Clockless Chips
iarkin writes "TechReview is running a very interesting
article about clockless chips.
Clockless, or asynchronous, chips work very much faster and consume less power than their synchronous equivalents (Intel hade some experiments on these chips back in -97, the results showed that the asynchronous chips were three times faster and consumed only half the power)."
It wouldn't be that bad. The industry would just get away from numbers, and move to something like many software makers are doing today.
In place of a 2Ghz Pentium IV we will be seeing an Axium Gold.
It will take a little getting used to, but we'll get over it. Ford doesn't call their cars Model A's or Model T's anymore!
What *should* happen, is everyone should argee on a standardized benchmark, which is OS & architecture independent, that would become the single number comparsion between two chips. Although, I highly doubt everyone would argree to such a single benchmark.... The real problem, which (thankfully) is coming more and more out into the open, is that there is no way to meaningfully reduce today's complex general purpose CPUs to a single number, or even a small subset of numbers. Real performance is far too application dependant (and in some cases data dependant), meaning that the only truly useful benchmark for any application is to actually run the application in question. We're pretty much on the way to this already... gaming sites benchmark equipment based on how well/fast it runs a variety of common games using a variety of settings for example.
Any quoted single number is reasonably meaningless.
Of course I'm used to things getting published a little late on slashdot ;-)
M0571y H@rml355.
Actually FLOPS (floating operations per second) are too specific to be a general benchmark. They work good for gaming consoles and graphics cards because in those cases nearly every calculation involves floating points. In general processors floating point processors are only a subset of the whole processor and aren't always the most important factor.
MIPS (million instructions per second) is better, but this gets back into RISC or CISC issues. How much work does one instruction do? Not that the current MHZ system is any better in this regard. Hmm I guess then in that sense MIPS would be a good replacement for MHZ. However why would you want to move to another inaccurate measure of performance?
The factor that clockless computers have that most closly relates to MHZ is IPS or instructions per second. This is an average, obviously. One problem that this doesn't cover though is IPP or instructions per program. Related to the old RISC and CISC concepts, some computers need more instructions to get the same work done. If a standard can be found for determining IPP and some method of combining IPP and IPS can be found that makes sense in a performance measurement way.....

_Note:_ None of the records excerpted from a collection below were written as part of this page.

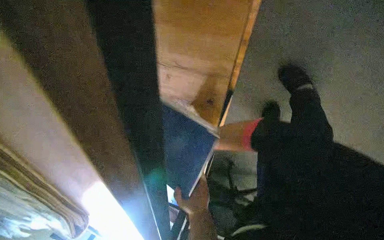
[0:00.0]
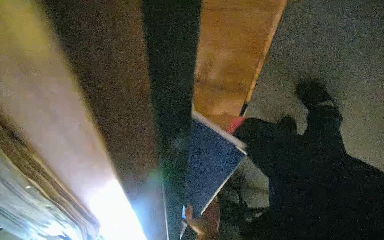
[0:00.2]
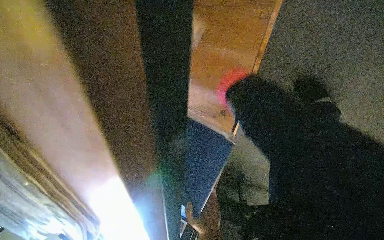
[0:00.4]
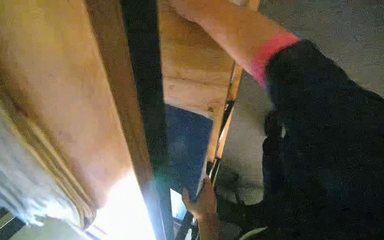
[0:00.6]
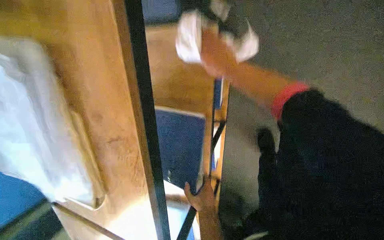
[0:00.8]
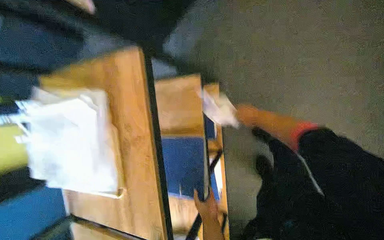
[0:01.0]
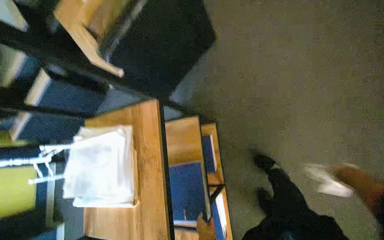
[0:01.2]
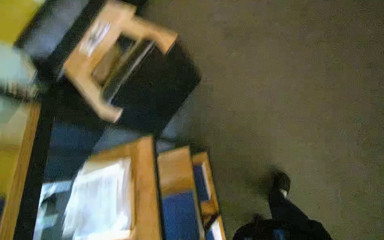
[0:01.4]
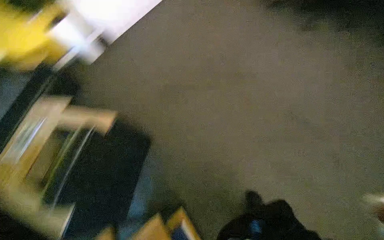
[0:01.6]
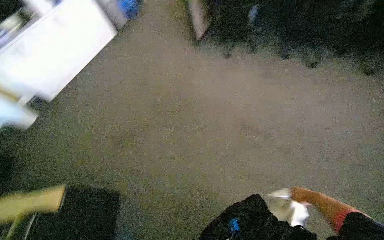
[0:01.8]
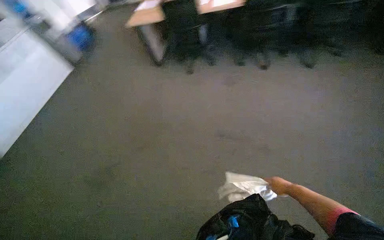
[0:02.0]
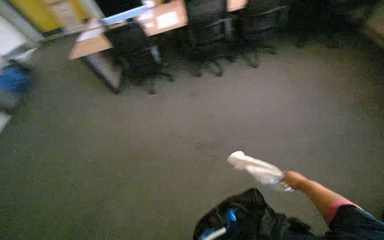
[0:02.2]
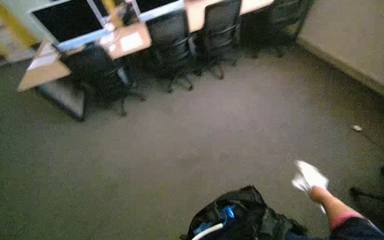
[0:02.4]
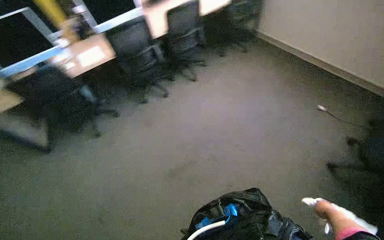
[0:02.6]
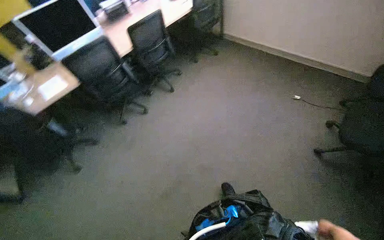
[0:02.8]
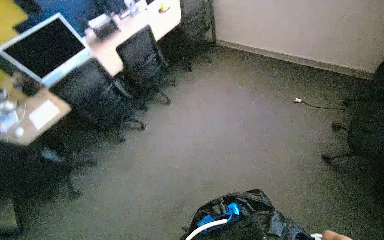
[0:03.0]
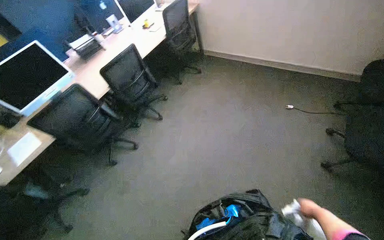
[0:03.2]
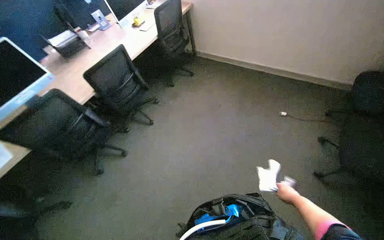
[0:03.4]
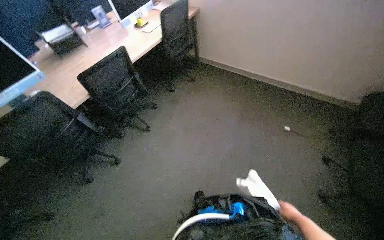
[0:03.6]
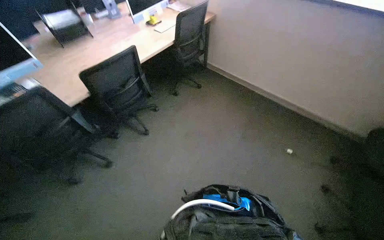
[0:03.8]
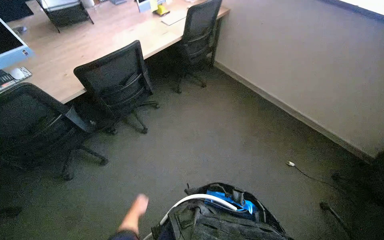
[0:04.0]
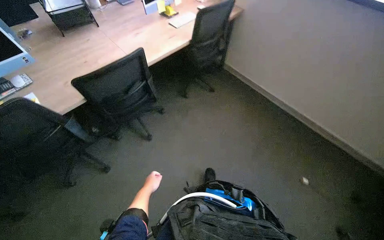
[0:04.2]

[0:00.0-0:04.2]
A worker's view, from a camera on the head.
Job: wiping surfaces.
The whole recording: Cleaning office shelving unit. The worker wipes the shelves and items on them, including a folder, a box, and a framed picture.
0.0 to 1.4 s: The wearer moves roughly 50 cm. The wearer looks approximately 50 degrees further upward.
1.4 to 2.8 s: The head rotates about 100 degrees to the right. The camera pitches upward, by roughly 40 degrees.
2.8 to 4.2 s: The camera travels roughly 90 cm.

There are some compelling reasons:
Though synchronous design has enabled great strides to be taken in the design and performance of computers, there is evidence that it is beginning to hit some fundamental limitations. A circuit can only operate synchronously if all parts of it see the clock at the same time, at least to a reasonable approximation. However clocks are electrical signals, and when they propagate down wires they are subject to the same delays as other signals. If the delay to particular part of the circuit takes a significant part of a clock cycle-time, that part of the circuit cannot be viewed as being in step with other parts.
For some time now it has been difficult to sustain the synchronous framework from chip to chip at maximum clock rates. On-chip phase-locked loops help compensate for chip-to-chip tolerances, but above about 50MHz even this isn't enough.

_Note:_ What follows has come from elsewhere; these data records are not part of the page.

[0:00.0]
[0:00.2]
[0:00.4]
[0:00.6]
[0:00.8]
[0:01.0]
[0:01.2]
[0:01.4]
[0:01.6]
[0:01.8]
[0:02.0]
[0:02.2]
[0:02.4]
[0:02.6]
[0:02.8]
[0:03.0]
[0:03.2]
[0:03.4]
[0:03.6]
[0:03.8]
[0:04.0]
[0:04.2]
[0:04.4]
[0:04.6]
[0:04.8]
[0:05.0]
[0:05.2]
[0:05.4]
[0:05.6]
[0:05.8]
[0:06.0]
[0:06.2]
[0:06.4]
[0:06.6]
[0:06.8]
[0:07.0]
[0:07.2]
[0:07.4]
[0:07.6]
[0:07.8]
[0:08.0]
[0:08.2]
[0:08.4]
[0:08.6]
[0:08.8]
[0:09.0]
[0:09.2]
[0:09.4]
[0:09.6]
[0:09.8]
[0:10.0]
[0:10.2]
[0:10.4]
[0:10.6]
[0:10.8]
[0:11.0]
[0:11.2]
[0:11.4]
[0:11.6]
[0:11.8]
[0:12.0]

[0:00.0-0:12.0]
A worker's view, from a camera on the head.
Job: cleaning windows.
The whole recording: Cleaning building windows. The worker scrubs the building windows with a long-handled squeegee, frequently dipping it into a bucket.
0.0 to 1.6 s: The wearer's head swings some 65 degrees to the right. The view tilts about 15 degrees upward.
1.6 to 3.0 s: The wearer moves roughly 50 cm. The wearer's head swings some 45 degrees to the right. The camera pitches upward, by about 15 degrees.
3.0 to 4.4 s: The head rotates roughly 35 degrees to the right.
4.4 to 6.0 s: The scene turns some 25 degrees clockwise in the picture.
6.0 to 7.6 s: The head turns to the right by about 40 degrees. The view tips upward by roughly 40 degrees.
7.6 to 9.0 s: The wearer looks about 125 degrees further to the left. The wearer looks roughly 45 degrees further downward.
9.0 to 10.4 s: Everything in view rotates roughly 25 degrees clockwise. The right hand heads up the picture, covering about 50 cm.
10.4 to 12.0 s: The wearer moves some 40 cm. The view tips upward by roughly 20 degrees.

Building the complete CPU on a single chip avoids inter-chip skew, as the highest clock rates are only used for processor-MMU-cache transactions. However, even on a single chip, clock skew is becoming a problem. High-performance processors must dedicate increasing proportions of their silicon area to the clock drivers to achieve acceptable skew, and clearly there is a limit to how much further this proportion can increase. Electrical signals travel on chips at a fraction of the speed of light; as the tracks get thinner, the chips get bigger and the clocks get faster, the skew problem gets worse. Perhaps the clock could be injected optically to avoid the wire delays, but the signals which are issued as a result of the clock still have to propagate along wires in time for the next pulse, so a similar problem remains.

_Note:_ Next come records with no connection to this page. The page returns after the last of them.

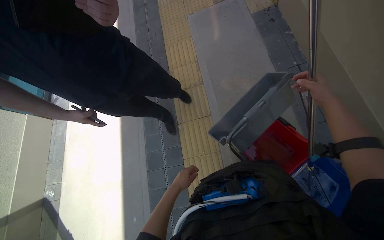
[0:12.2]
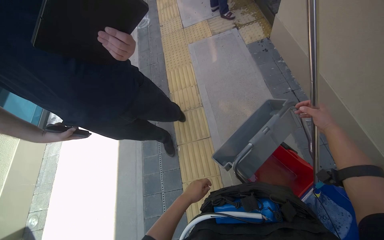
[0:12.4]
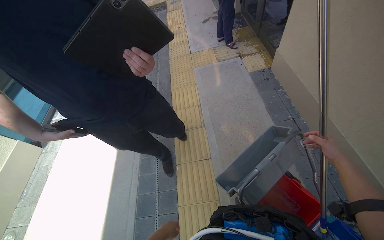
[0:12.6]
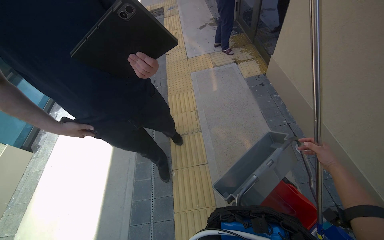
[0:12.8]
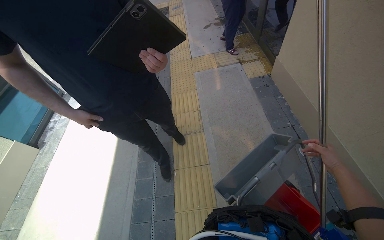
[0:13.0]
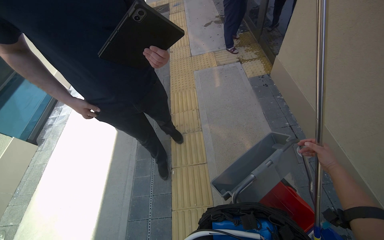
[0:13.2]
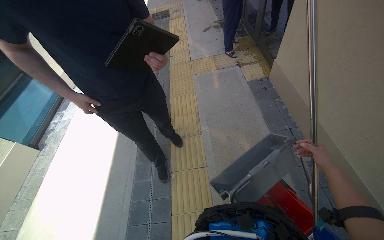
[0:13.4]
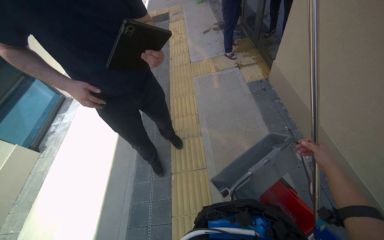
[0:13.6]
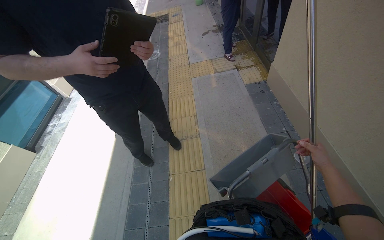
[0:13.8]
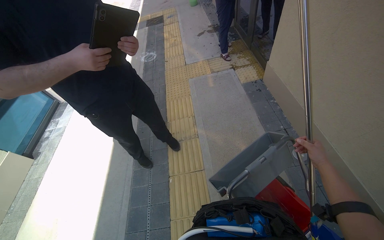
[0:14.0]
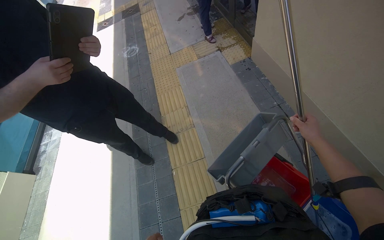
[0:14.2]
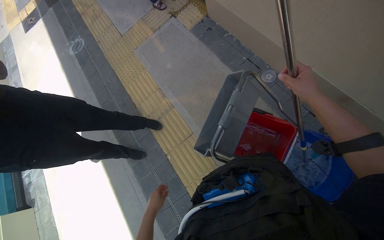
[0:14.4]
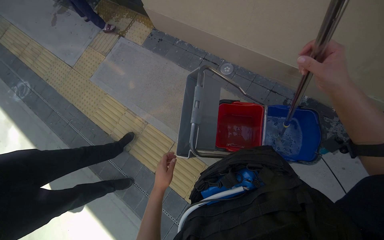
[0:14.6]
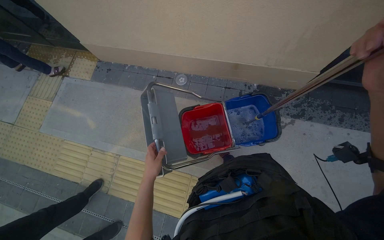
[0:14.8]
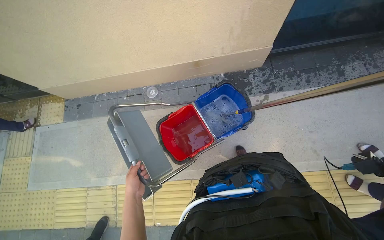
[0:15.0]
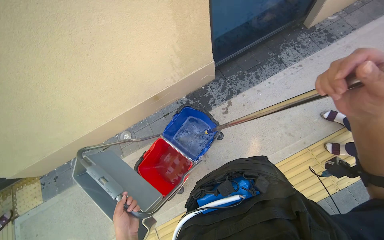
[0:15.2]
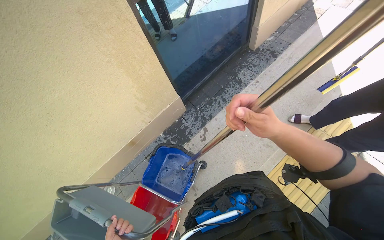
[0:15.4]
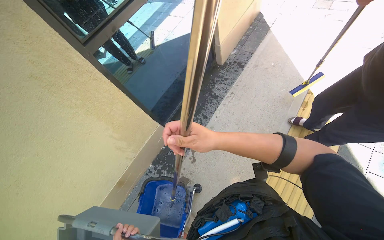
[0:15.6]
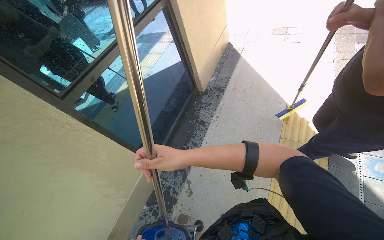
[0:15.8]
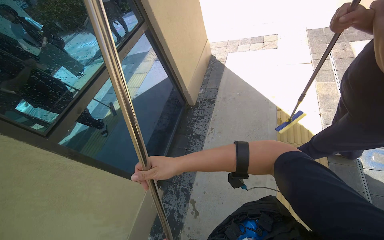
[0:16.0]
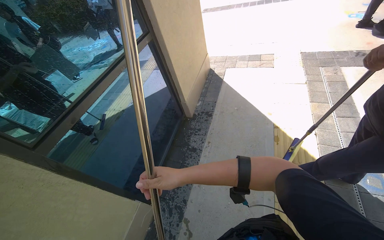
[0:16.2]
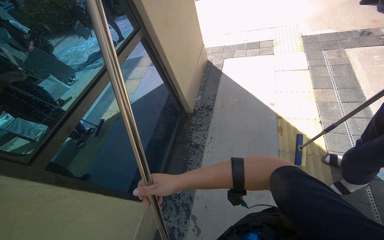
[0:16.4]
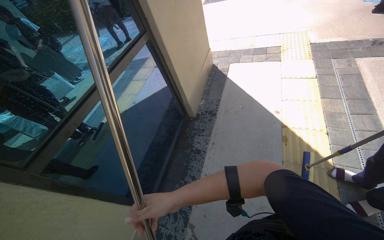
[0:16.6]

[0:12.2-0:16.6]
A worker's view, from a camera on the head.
Job: cleaning windows.
The whole recording: Cleaning building windows. The worker scrubs the building windows with a long-handled squeegee, frequently dipping it into a bucket.
12.2 to 13.6 s: The view tilts some 15 degrees upward.
13.6 to 15.2 s: The wearer looks about 110 degrees further to the right.

Even more urgent than the physical limitation of clock distribution is the problem of heat. CMOS is a good technology for low power as gates only dissipate energy when they are switching. Normally this should correspond to the gate doing useful work, but unfortunately in a synchronous circuit this is not always the case. Many gates switch because they are connected to the clock, not because they have new inputs to process. The biggest gate of all is the clock driver, and it must switch all the time to provide the timing reference even if only a small part of the chip has anything useful to do. Often it will switch when none of the chip has anything to do, because stopping and starting a high-speed clock is not easy.
Early CMOS devices were very low power, but as process rules have shrunk CMOS has become faster and denser, and today's high-performance CMOS processors can dissipate 20 or 30 watts. Furthermore there is evidence that the trend towards higher power will continue. Process rules have at least another order of magnitude to shrink, leading directly to two orders of magnitude increase in dissipation for a maximum performance chip. (The power for a given function and performance is reduced by process shrinking, but the smaller capacitances allow the clock rate to increase. A typical function therefore delivers more performance at the same power. However you can get more functions onto a single chip, so the total chip power goes up.) Whilst a reduction in the power supply voltage helps reduce the dissipation (by a factor of 3 for 3 Volt operation and a factor of 6 for 2 Volt operation, relative to a 5 Volt norm in both cases), the end result is still a chip with an increasing thermal problem. Processors which dissipate several hundred watts are clearly no use in battery powered equipment, and even on the desktop they impose difficulties because they require water cooling or similar costly heat-removal technology.
As feature sizes reduce and chips encompass more functionality it is likely that the average proportion of the chip which is doing something useful at any time will shrink. Therefore the global clock is becoming increasingly inefficient.